Previous studies on constructing models for predicting MVI have predominantly concentrated on the tumor itself, disregarding investigations of the peritumoral region [31, 32]. While some earlier studies considered peritumoral information, they did not explore margins up to 20 mm, as specified in the diagnostic criteria for MVI [24, 25, 33,34,35,36]; moreover, they mainly focused on the qualitative prediction of MVI. Hu, F. et al reported that they explored the 20-mm peritumoral region, mainly utilizing traditional radiomic features without comparing different peritumoral regions [37]. In contrast to these studies, we demonstrated that among the single sequence models, precontrast phase-based models had a superior prediction performance to models separately based on arterial phase, portal venous phase, and delayed phase data. The discrepancy in the results may be attributed to the fact that previous studies utilized traditional radiomics features and logistic regression as the classifier, while our study employed deep learning features and XGBoost as the classifier. Our multisequence fusion analysis revealed that the A + D phase-based models achieved the greatest predictive performance for MVI risk grade when constructed from Tumor + Peri20 mm features. Both the presence or absence of MVI and its severity are important prognostic factors. Accurately identifying the preoperative severity of MVI can help ensure that patients receive more appropriate treatment. A study investigating the three grades of MVI in variously sized peritumoral regions revealed that deep learning features have the ability to indirectly predict clinical pathological indicators and directly observe specific pathological phenomena. Our research, along with related work, differs from previous studies conducted by other teams, as it reveals the potential mapping between deep learning features in the peritumoral regions of HCC and their observable histopathological features. The obtained findings have yielded surprising and enlightening insights.

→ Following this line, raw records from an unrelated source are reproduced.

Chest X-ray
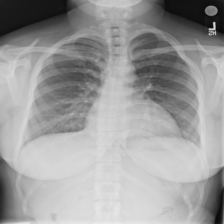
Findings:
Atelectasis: negative
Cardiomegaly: negative
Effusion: negative
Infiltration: negative
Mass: negative
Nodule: negative
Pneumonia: negative
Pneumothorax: negative
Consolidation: negative
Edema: negative
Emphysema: negative
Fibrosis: negative
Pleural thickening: negative
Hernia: negative
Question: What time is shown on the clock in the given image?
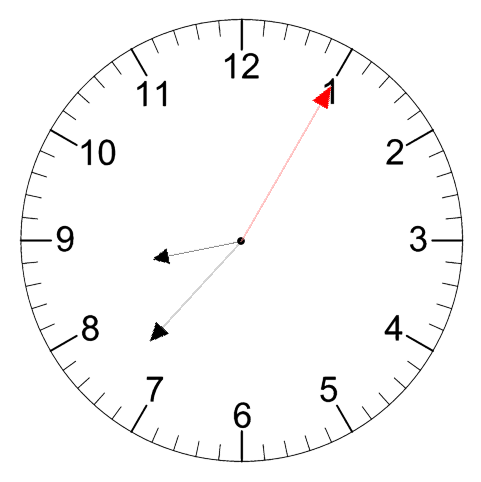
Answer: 08:37:05
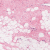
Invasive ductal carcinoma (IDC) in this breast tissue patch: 0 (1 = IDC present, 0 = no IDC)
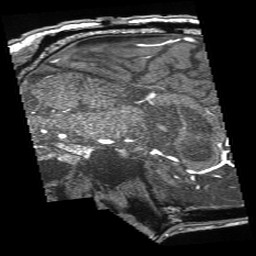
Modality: angio
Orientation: sagittal
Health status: ill
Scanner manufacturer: siemens
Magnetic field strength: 3 T
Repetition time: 0.02 s
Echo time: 0.0033 s
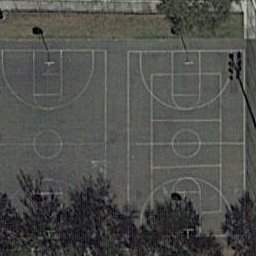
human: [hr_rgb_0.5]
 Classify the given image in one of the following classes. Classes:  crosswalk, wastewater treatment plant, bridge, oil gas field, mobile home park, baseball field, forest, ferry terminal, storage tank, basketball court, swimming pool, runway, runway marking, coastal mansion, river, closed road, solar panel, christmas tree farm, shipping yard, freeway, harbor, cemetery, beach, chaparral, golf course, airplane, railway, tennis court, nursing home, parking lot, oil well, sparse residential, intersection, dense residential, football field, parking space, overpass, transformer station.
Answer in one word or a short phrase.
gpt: basketball court
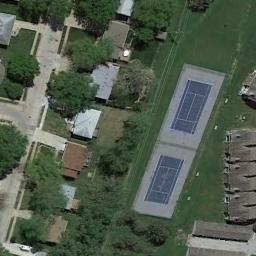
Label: tennis_court
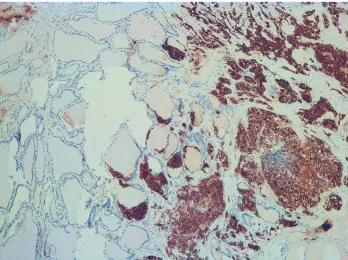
Histology of the surgical specimen. (A) Calcitonin-positive medullary thyroid cancer is adjacent to normal thyroid tissue (immunohistochemistry, x10).
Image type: pathology (immunostaining)
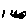
Label: star
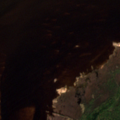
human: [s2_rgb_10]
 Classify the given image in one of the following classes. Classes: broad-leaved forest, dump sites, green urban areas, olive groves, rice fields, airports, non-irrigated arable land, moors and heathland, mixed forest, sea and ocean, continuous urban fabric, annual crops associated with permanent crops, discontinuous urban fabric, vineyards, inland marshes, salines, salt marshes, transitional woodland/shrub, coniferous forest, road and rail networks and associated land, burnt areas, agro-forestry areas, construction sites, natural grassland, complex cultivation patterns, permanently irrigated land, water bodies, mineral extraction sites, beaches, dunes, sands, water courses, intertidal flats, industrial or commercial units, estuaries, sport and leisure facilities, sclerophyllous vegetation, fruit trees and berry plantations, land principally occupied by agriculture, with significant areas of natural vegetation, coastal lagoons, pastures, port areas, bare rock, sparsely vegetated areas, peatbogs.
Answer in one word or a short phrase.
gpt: land principally occupied by agriculture, with significant areas of natural vegetation, broad-leaved forest, salt marshes, sea and ocean
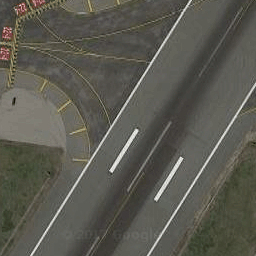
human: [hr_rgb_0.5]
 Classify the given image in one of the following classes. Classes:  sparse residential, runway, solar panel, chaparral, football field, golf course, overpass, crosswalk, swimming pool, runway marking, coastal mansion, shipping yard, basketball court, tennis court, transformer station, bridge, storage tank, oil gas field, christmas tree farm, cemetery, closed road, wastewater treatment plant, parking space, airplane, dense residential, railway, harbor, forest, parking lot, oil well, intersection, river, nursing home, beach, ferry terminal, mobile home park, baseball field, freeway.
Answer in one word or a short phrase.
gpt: runway
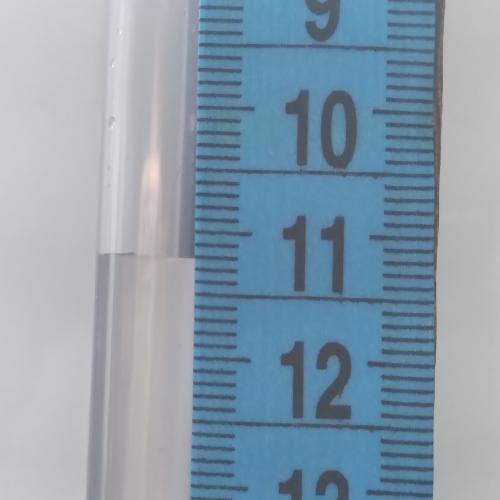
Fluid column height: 11.2 cm
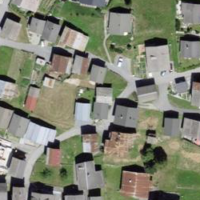
EUNIS habitat code: 55
Species observed at this site:
Verbascum blattaria
Ptyonoprogne rupestris
Delichon urbicum
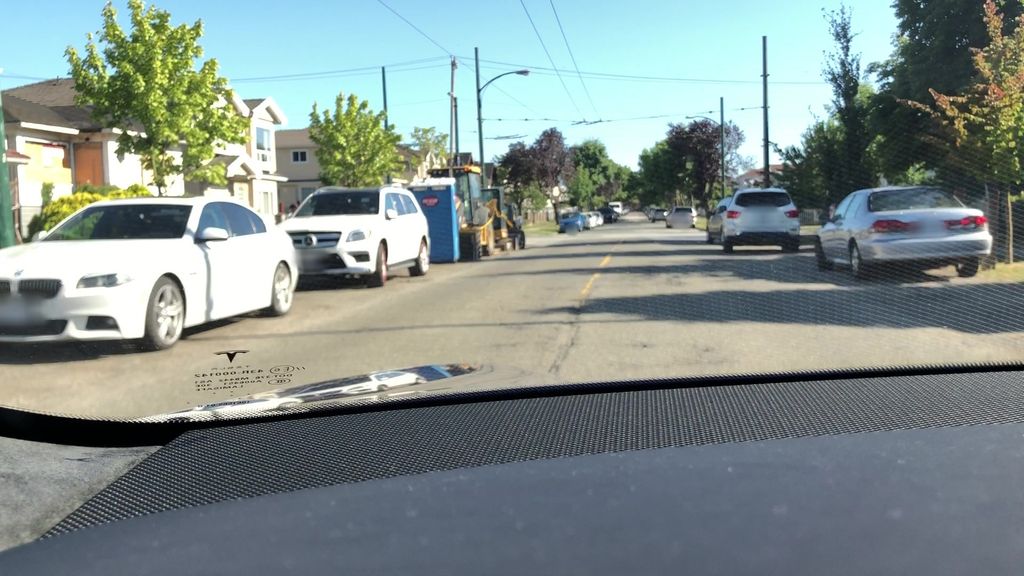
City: vancouver
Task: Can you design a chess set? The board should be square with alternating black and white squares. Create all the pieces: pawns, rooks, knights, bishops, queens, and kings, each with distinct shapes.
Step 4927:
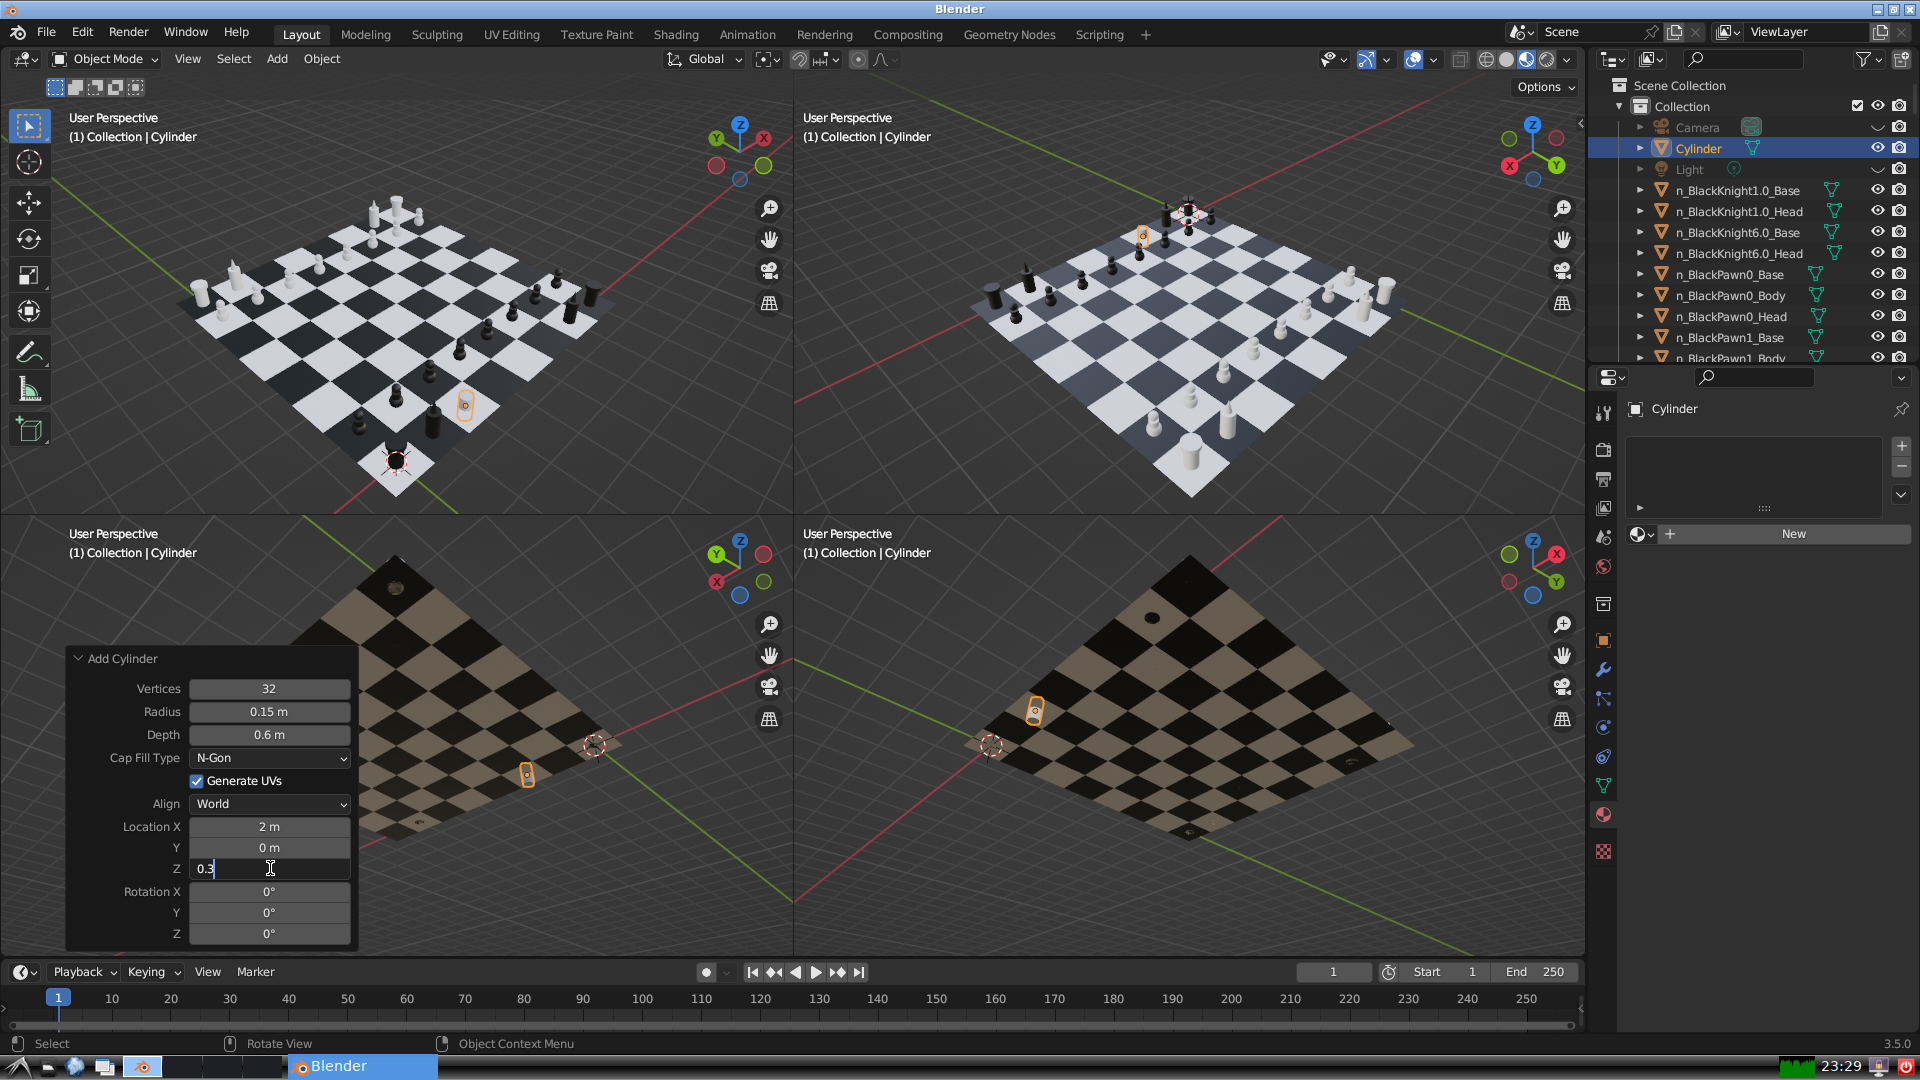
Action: {"key_press": ['Return']}
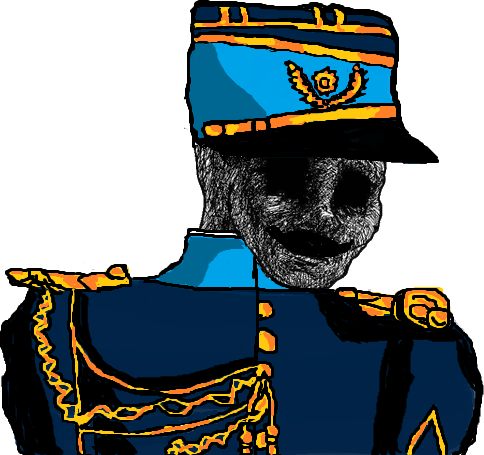
Label: 5_Withered_Wojak
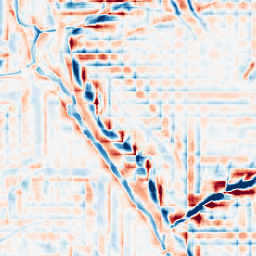
Category: wavelet
Decomposition family: wavelet_dwt
Decomposition parameters: wavelet: db2
level: 4
Upsampling method: sinc_hamming
Upsampling parameters: scale: 2
kernel_size: 8
Upsampling scale: 2
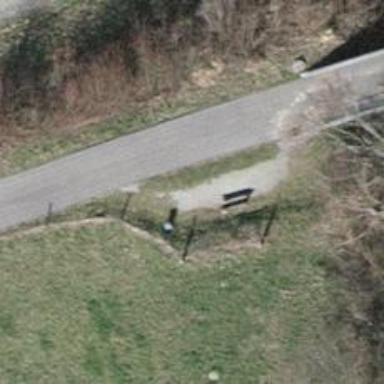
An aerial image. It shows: Bench.
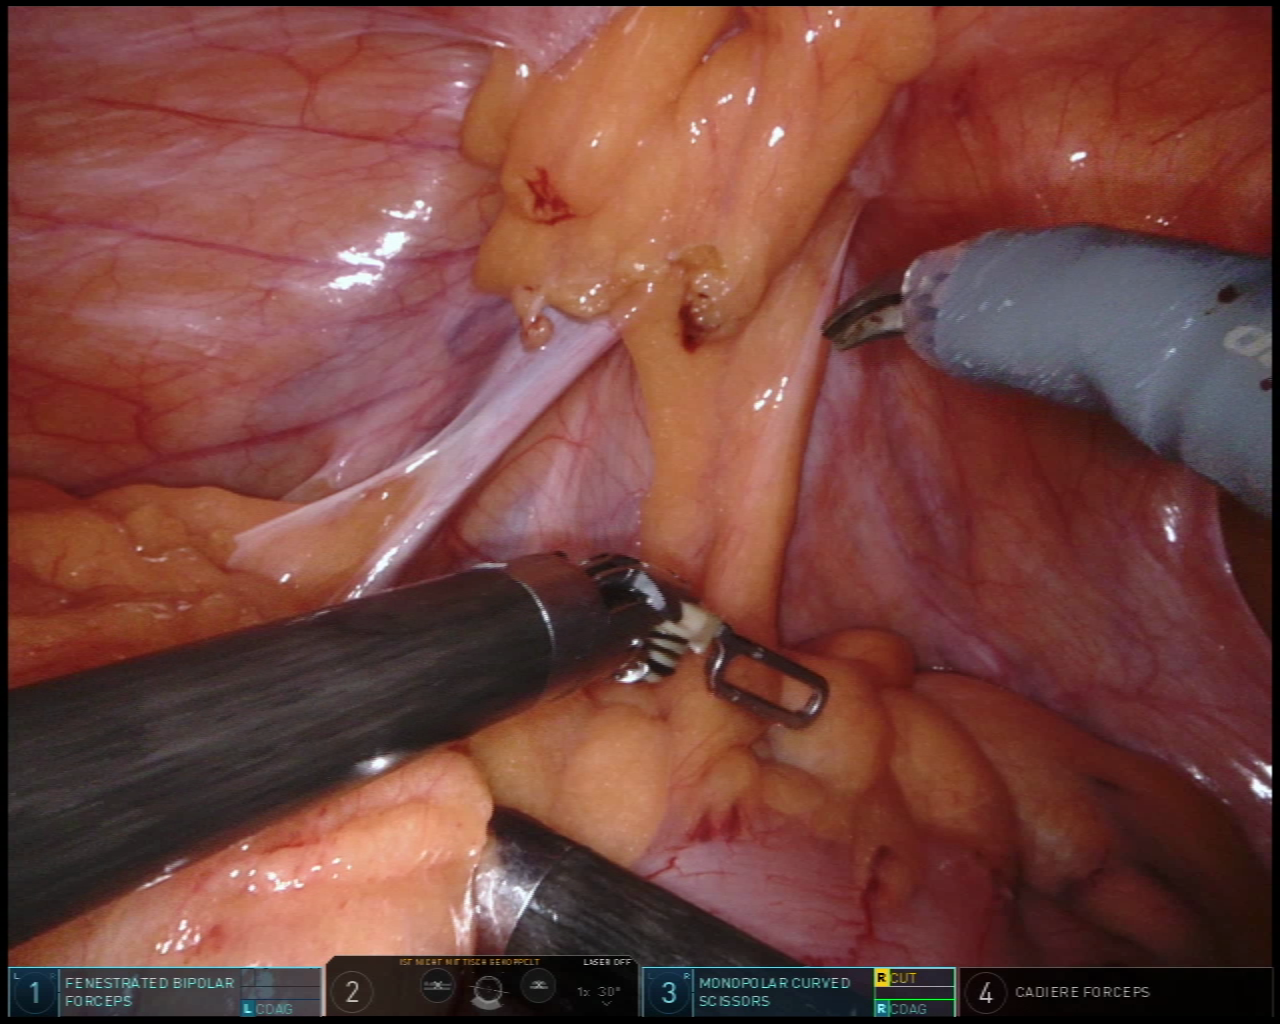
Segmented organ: abdominal_wall
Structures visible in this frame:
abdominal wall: yes
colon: yes
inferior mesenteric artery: no
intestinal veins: no
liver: no
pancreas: no
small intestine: no
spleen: no
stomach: no
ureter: no
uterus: no
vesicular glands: no
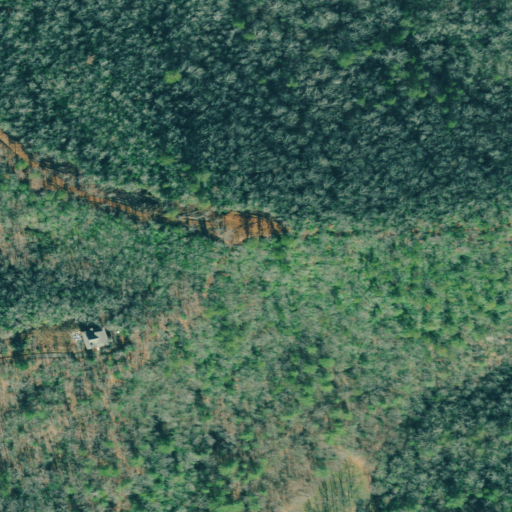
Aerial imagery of mountain in Georgia named Day Knob containing mixed forest and deciduous forest
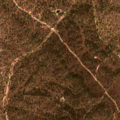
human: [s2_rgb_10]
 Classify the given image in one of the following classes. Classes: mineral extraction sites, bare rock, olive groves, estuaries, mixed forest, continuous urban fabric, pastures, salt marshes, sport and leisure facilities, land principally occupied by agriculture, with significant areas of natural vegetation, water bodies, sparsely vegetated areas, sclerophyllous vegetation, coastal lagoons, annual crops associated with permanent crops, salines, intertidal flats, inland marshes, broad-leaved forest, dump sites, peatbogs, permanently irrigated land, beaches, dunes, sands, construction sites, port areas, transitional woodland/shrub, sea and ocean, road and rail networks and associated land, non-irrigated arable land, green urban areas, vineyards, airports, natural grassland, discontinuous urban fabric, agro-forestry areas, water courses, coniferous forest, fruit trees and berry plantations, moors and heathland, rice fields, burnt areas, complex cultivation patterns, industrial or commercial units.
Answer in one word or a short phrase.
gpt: agro-forestry areas
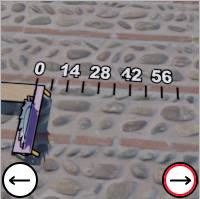
Task: length
Answer: 0
First scale value: 14.0
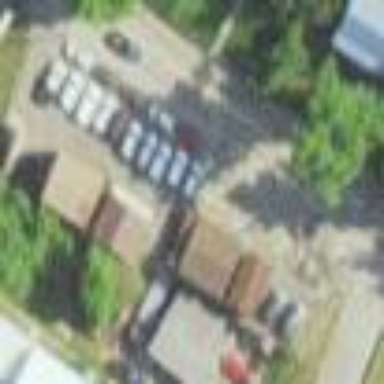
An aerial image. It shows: Car shop building.
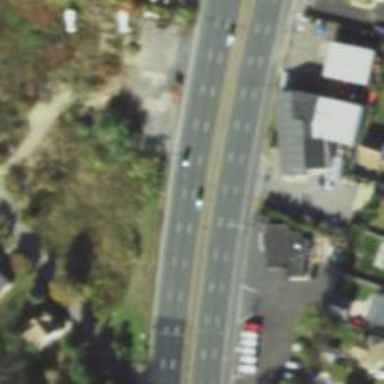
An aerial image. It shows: Trunk highway.

This retrospective single-center study has several limitations. First, while the dataset was divided into training and testing sets based on surgical time, the TRIPOD statement recommends temporal validation over random grouping [38], To tackle this constraint, the study endeavored to leverage transfer learning, ensemble methods, and 10-fold cross-validation to mitigate overfitting risks and bolster the model’s efficacy on small-sample datasets. Therefore, further prospective multicenter validation in larger cohorts is necessary. Another possible limitation in our radiomic study is the use of two-dimensional (2D) ROIs. Three-dimensional (3D) segmental information provides more informative data, which we will seek to incorporate in future research. Finally, we only conducted a preliminary visual analysis of the features extracted by AlexNet, and our results do not allow us to establish a correlation between the specific location of MVI in tumor tissue and the positions of radiomics features in the peritumoral region. We aim to explore this aspect in future studies.

Conclusion

In conclusion, our study has yielded promising results in preoperatively predicting the grade of MVI using DCE-MRI of the 20-mm peritumoral region. Importantly, the peritumoral region may provide more direct and important information for predicting the grade of MVI.